Historical SummaryThough the royal dynasty of Persia had come to an end, the eastern provinces of the Persian Empire were yet unsubdued. Their conquest proved no easy task. During the next two years Alexander led his undaunted army through the little known regions of Iran. The spring of 328 B. C. found him crossing the almost insurmountable heights of the Hindu-Kush and occupying the fertile provinces of Bactria and Sogdiana. Here the captured Bessus met his doom and here also occurred the tragic episode of the death of Alexander’s foster-brother, Clitus, murdered by the Macedonian king during a drunken carousal. While Alexander was still in Sogdiana, its wild tribes broke out in renewed hostilities.

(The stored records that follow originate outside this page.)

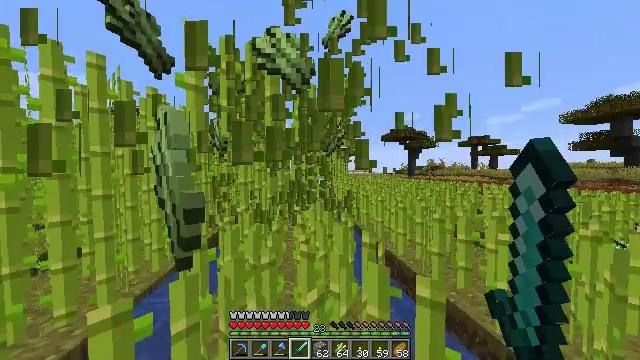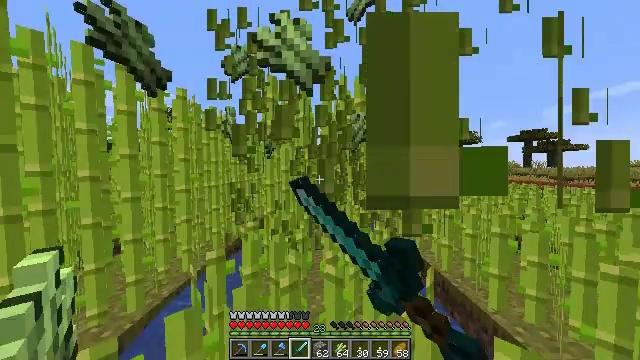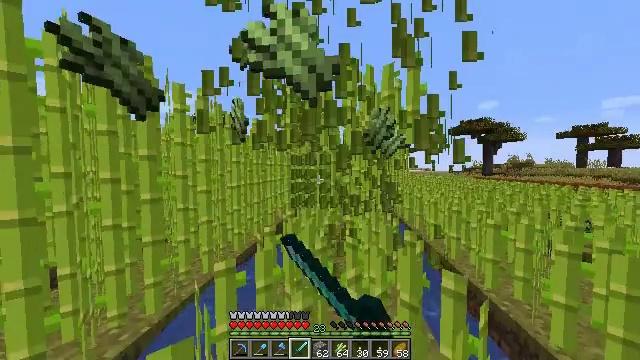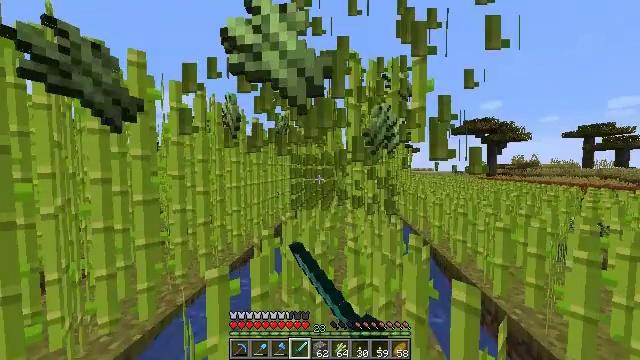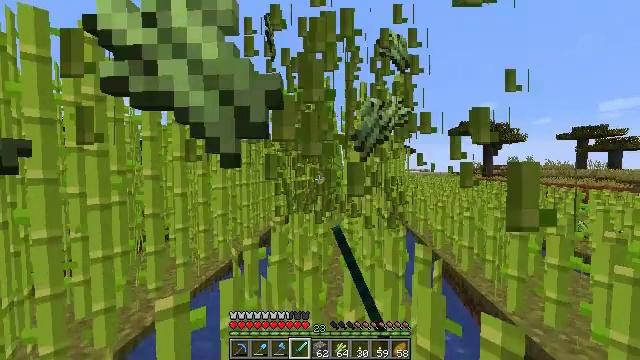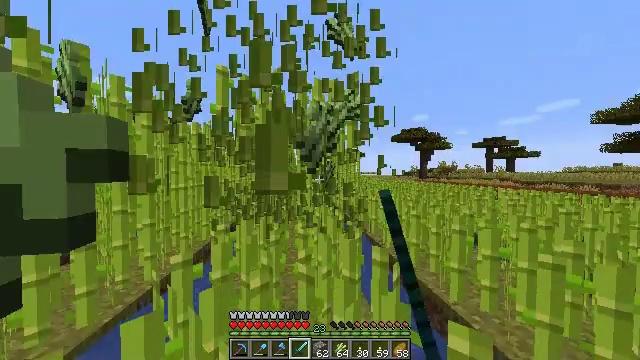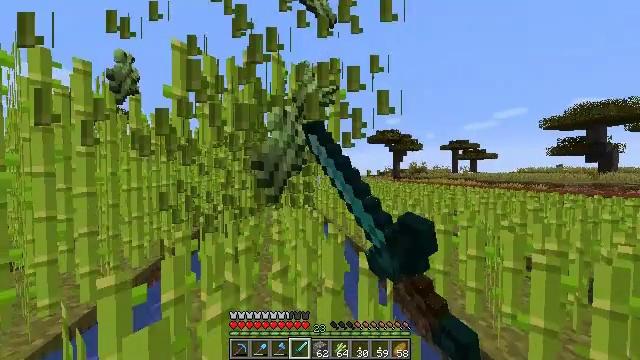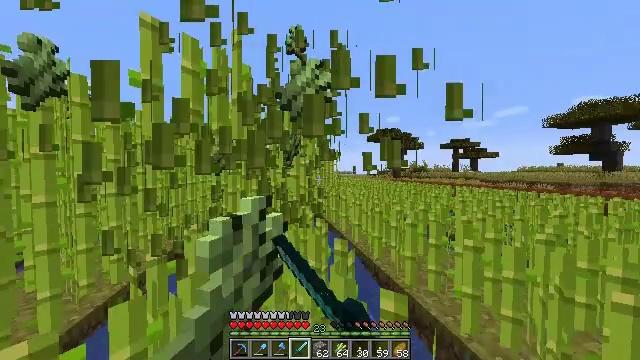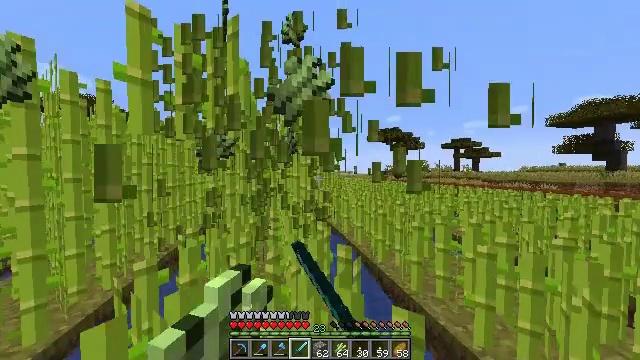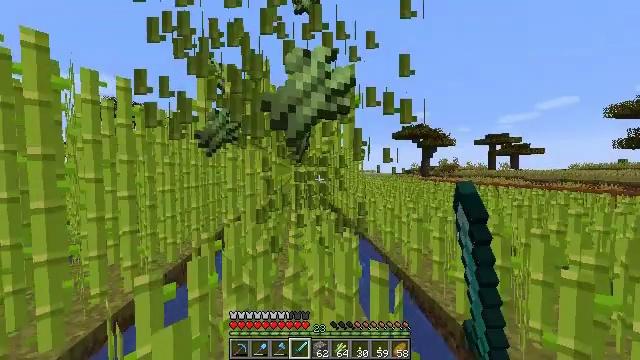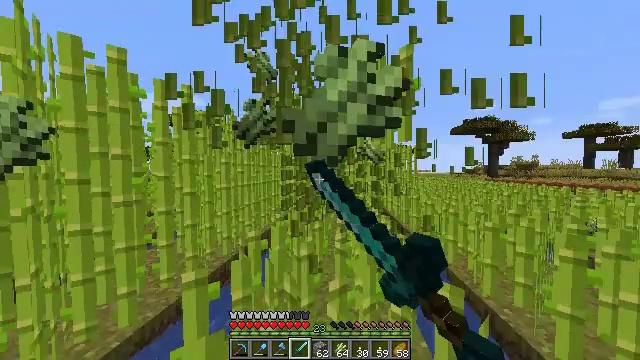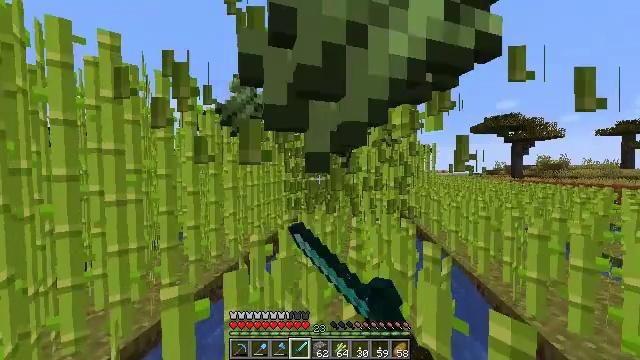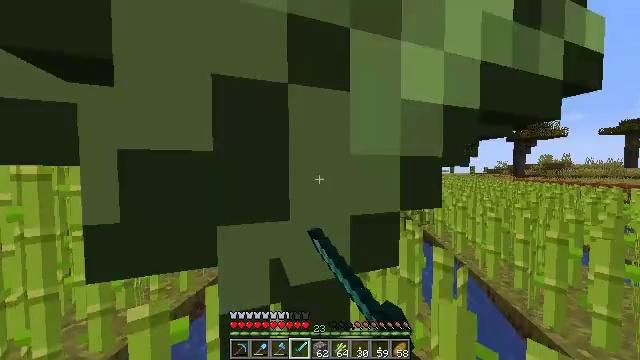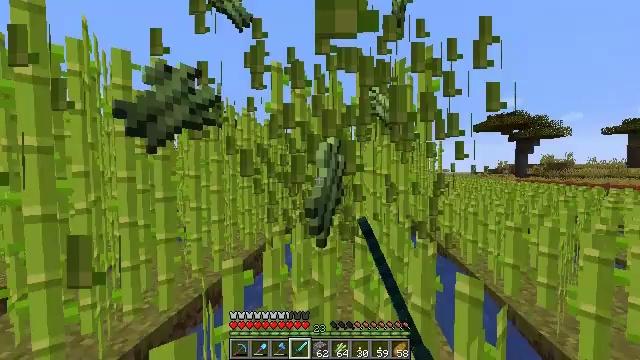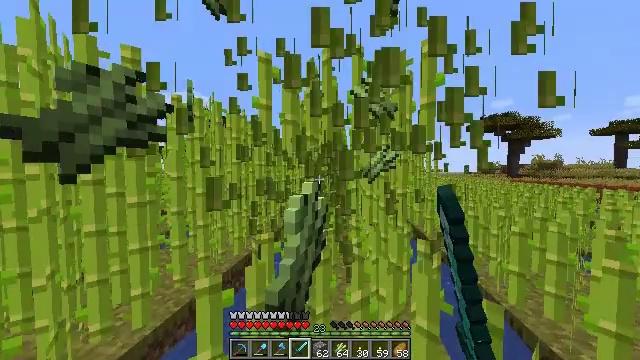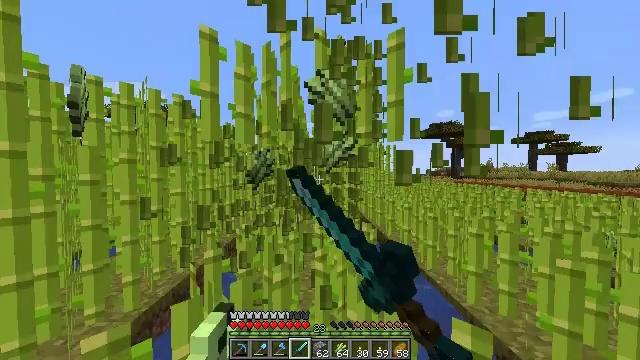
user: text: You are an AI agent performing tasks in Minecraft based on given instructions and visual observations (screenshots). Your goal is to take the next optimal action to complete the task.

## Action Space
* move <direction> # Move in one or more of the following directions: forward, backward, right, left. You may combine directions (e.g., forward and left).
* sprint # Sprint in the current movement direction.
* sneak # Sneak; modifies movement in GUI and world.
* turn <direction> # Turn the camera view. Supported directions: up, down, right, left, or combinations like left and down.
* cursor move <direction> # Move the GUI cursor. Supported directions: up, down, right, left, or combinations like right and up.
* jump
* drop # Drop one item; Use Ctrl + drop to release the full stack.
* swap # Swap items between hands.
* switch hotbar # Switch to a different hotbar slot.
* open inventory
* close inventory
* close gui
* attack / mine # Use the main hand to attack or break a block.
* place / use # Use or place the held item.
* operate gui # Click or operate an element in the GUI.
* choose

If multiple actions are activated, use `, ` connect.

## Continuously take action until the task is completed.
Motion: motion action
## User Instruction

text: Break the sugar cane.
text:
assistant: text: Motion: move forward, sprint, turn left, attack / mine
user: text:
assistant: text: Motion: move forward, sprint, turn left, attack / mine
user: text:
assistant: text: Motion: move forward, sprint, attack / mine
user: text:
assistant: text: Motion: move forward, sprint, attack / mine
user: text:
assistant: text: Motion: move forward, sprint, turn right, attack / mine
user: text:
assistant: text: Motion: move forward, sprint, turn right, attack / mine
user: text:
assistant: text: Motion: move forward, sprint, attack / mine
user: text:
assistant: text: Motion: move forward, sprint, attack / mine
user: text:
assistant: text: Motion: move forward, sprint, turn left, attack / mine
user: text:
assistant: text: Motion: move forward, sprint, turn left, attack / mine
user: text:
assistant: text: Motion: move forward, sprint, turn left, attack / mine
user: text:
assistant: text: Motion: move forward, sprint, attack / mine
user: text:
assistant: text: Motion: move forward, sprint, attack / mine
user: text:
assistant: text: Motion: move forward, sprint, turn right, attack / mine
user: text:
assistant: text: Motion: move forward, sprint, turn right, attack / mine
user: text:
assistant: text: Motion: move forward, sprint, turn right, attack / mine
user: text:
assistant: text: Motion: move forward, sprint, attack / mine
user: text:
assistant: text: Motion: move forward, sprint, turn left, attack / mine
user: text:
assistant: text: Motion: move forward, sprint, turn left, attack / mine
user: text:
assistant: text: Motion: move forward, sprint, turn left, attack / mine
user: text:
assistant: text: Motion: move forward, sprint, attack / mine
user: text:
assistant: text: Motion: move forward, sprint, turn right, attack / mine
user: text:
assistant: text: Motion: move forward, sprint, turn right, attack / mine
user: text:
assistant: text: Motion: move forward, sprint, turn right, attack / mine
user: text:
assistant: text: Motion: move forward, sprint, attack / mine
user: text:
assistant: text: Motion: move forward, sprint, turn left, attack / mine
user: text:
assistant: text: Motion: move forward, sprint, turn left, attack / mine
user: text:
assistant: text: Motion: move forward, sprint, turn left, attack / mine
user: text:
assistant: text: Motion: move forward, sprint, attack / mine
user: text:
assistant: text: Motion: move forward, sprint, turn right, attack / mine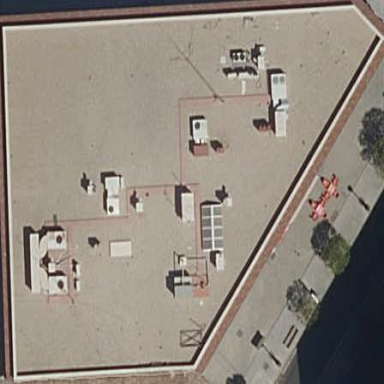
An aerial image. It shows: Commercial building.
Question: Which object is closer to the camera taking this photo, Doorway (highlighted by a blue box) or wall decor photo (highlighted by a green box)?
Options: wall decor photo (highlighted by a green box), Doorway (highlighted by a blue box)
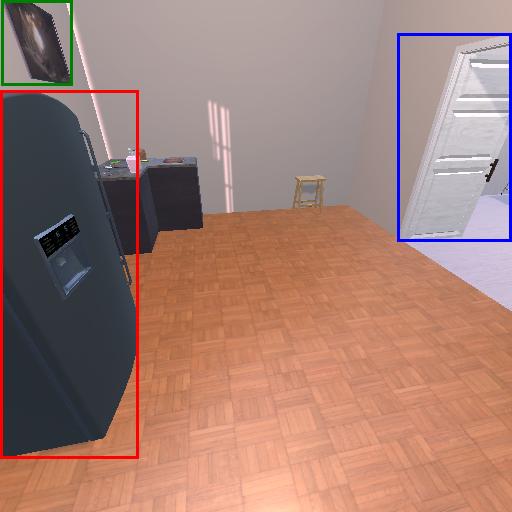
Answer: wall decor photo (highlighted by a green box)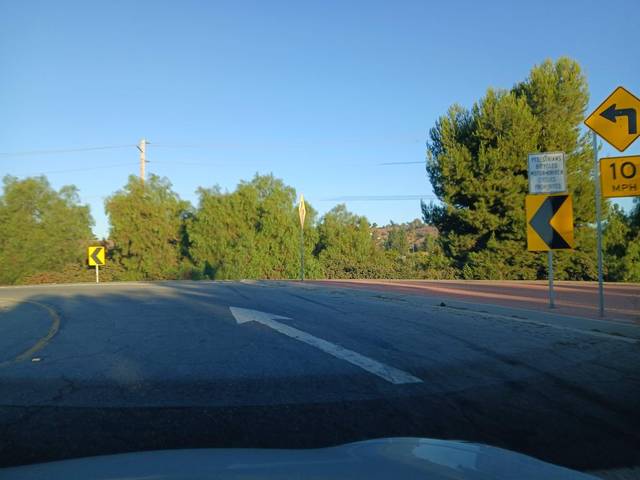
Region: United States
Coordinates: 34.294, -118.842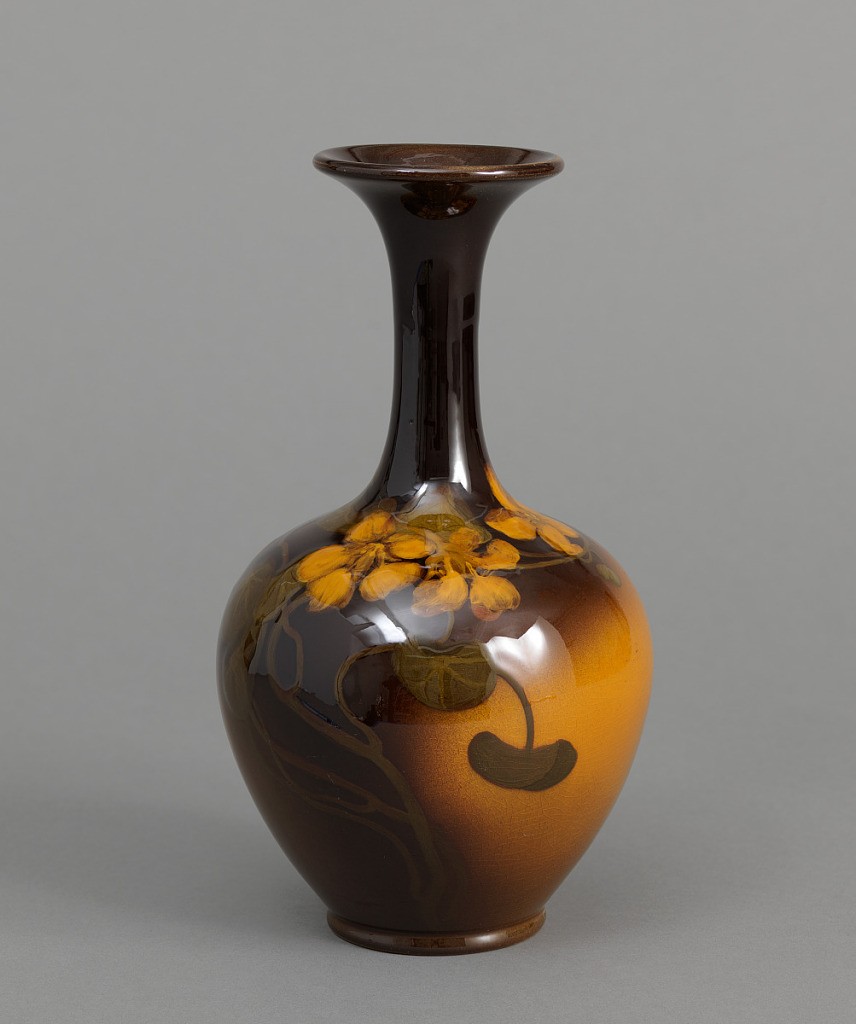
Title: Vase
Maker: Rookwood Pottery, American, 1880 - 1967
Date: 1902
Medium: earthenware, glaze
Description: Ovoid body, tall slender neck with flaring lip, banded foot. On shoulder and body ochre yellow nasturnums with olive green leaves painted under brilliant glaze on dark brown ground which shades into ochre on body and interior of neck.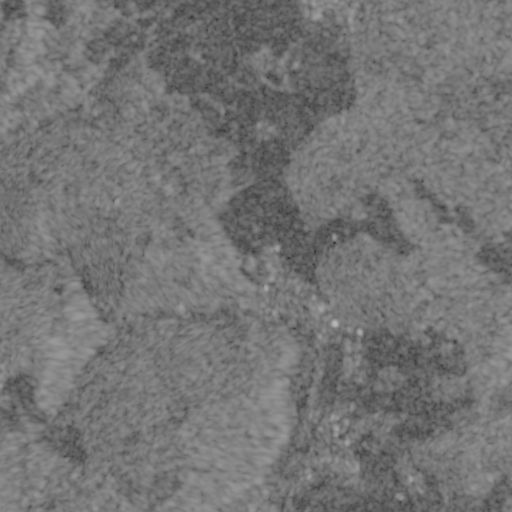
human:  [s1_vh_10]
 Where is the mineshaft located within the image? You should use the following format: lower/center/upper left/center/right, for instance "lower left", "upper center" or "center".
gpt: The mineshaft is located in the lower right of the image.
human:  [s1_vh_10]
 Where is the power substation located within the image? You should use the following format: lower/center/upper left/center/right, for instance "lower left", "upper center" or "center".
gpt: The power substation is located in the upper right of the image.
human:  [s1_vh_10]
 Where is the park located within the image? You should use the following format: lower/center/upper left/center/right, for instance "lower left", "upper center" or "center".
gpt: There is no park in the image.

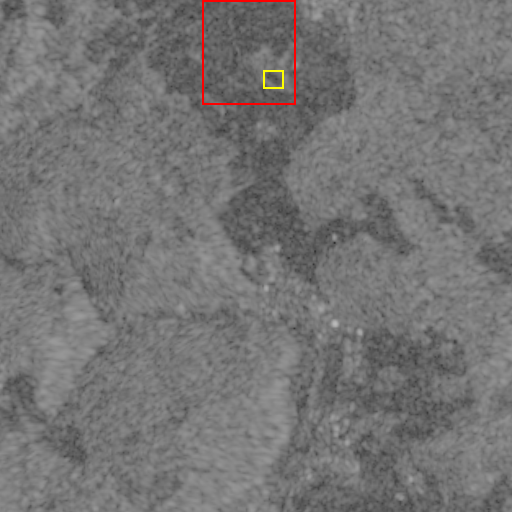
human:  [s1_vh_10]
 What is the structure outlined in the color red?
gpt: The structure outlined in red is a crop field.
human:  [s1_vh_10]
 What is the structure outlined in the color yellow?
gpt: The structure outlined in yellow is a park.
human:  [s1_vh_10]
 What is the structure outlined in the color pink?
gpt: There is no pink outline.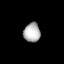
Tissue: lung
Cell type: T cells
Senescence score: 0.233
Nuclear area (px): 317
Mean DAPI intensity: 175.691
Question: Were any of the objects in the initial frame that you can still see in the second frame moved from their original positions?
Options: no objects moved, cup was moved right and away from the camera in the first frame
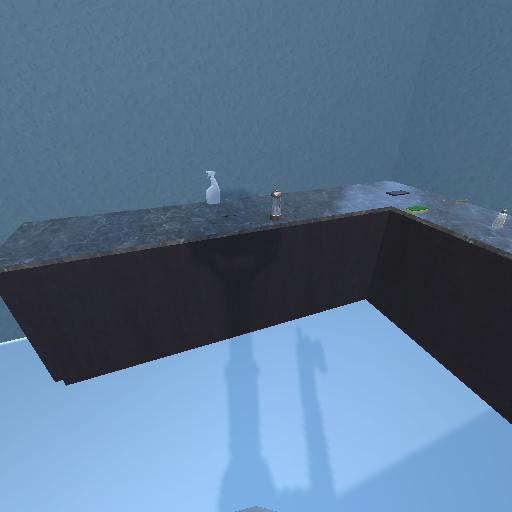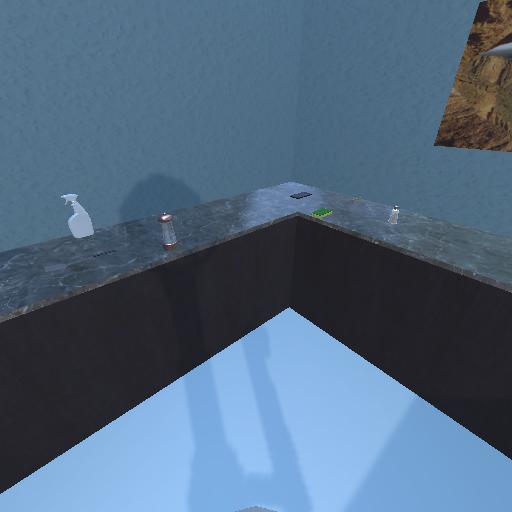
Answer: no objects moved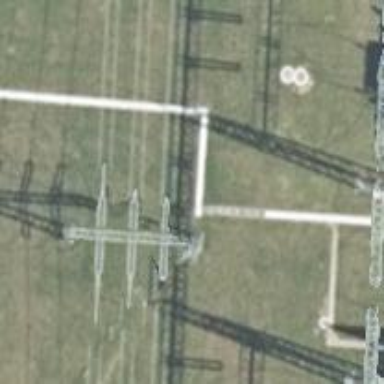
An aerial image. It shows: Power line with 3 cables. The line type is busbar.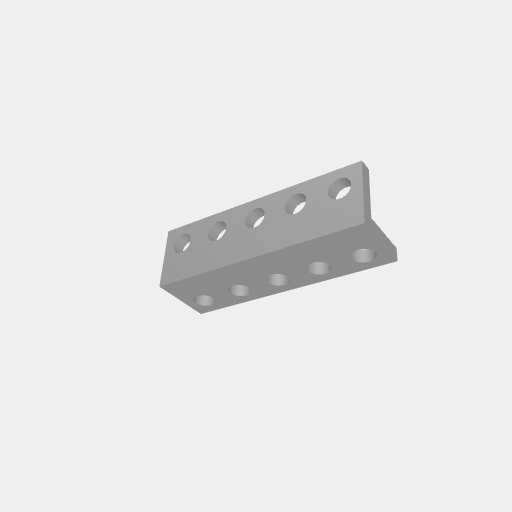
Part: LBeam5H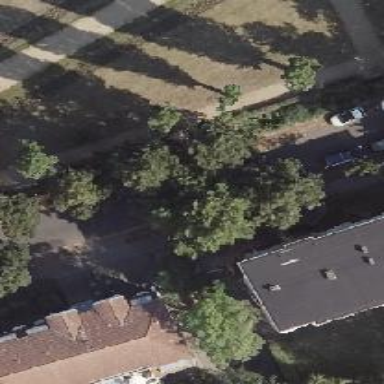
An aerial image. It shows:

57. Capture of the Sogdian Rock1
. . . At the first appearance of spring,1 Alexander advanced toward the rock in Sogdiana, to which, he was informed, many of the people had fled for refuge. Among these were said to be the wife and daughters of Oxyartes the Bactrian, who had deposited them for safety in that place, as if, indeed, it was impregnable. . . . When Alexander approached it, he found that it was precipitous on all sides and that the barbarians had collected provisions for a long siege. The great quantity of snow which had fallen helped to make the approach more difficult to the Macedonians, while at the same time it kept the barbarians supplied with plenty of water. But notwithstanding all this, Alexander resolved to assault the place. . . . He then issued a proclamation that the first man who mounted should have a reward of twelve talents,2 the man who came next to him the second prize, and so on in proportion, so that the last reward should be three hundred darics3 to the last prize-taker who reached the top. This proclamation excited the valor of the Macedonians still more, though they were even before very eager to begin the assault.
All the men who had gained practice in scaling rocks in sieges banded themselves together to the number of three hundred, and provided themselves with the small iron pegs by which their tents had been fastened to the ground. These they intended to fix into the snow, wherever it might be seen to be
frozen hard, or into the ground, if it should anywhere exhibit itself free from snow. Tying strong ropes made of flax to these pegs, they advanced in the night toward the most precipitous part of the rock, which was on this account most unguarded. Then they fixed some of these pegs into the earth, where it made itself visible, and others into the snow, where it seemed least likely to crumble, and so hoisted themselves up the rock, some in one place and some in another. Thirty of them perished in the ascent; and as they fell into various parts of the snow, not even could their bodies be found for burial. The rest, however, reached the top of the mountain at the approach of dawn. They took possession of it and then waved linen flags toward the camp of the Macedonians, as Alexander had directed them to do. He now sent a herald with instructions to shout to the sentries of the barbarians to make no further delay, but surrender at once. . . . At the same time the herald pointed at the soldiers upon the crest of the mountain. The barbarians were alarmed by the unexpectedness of the sight and suspected that the men who were occupying the peaks were more numerous than they really were, and that they were completely armed. They surrendered at once, so frightened did they become at the sight of those few Macedonians.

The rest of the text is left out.